Task directions.
The result should be an exact copy of only the lines from the one with "အေးခနဲ ဖြစ်သွားသည်။" through the last line of the data below, with pictures omitted.
******************************
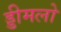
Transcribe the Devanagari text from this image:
ड्डीमलो
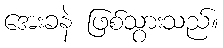
အေးခနဲ ဖြစ်သွားသည်။
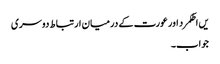
یں اطکمرد اور عورت کے درمیان ارتباط دوسری
جواب۔
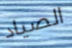
الصياد
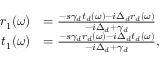
\begin{array} { r l } { r _ { 1 } ( \omega ) } & { = \frac { - s \gamma _ { d } t _ { d } ( \omega ) - i \Delta _ { d } r _ { d } ( \omega ) } { - i \Delta _ { d } + \gamma _ { d } } } \\ { t _ { 1 } ( \omega ) } & { = \frac { - s \gamma _ { d } r _ { d } ( \omega ) - i \Delta _ { d } t _ { d } ( \omega ) } { - i \Delta _ { d } + \gamma _ { d } } , } \end{array}
******************************
The answer.
အေးခနဲ ဖြစ်သွားသည်။
یں اطکمرد اور عورت کے درمیان ارتباط دوسری
جواب۔
الصياد
\begin{array} { r l } { r _ { 1 } ( \omega ) } & { = \frac { - s \gamma _ { d } t _ { d } ( \omega ) - i \Delta _ { d } r _ { d } ( \omega ) } { - i \Delta _ { d } + \gamma _ { d } } } \\ { t _ { 1 } ( \omega ) } & { = \frac { - s \gamma _ { d } r _ { d } ( \omega ) - i \Delta _ { d } t _ { d } ( \omega ) } { - i \Delta _ { d } + \gamma _ { d } } , } \end{array}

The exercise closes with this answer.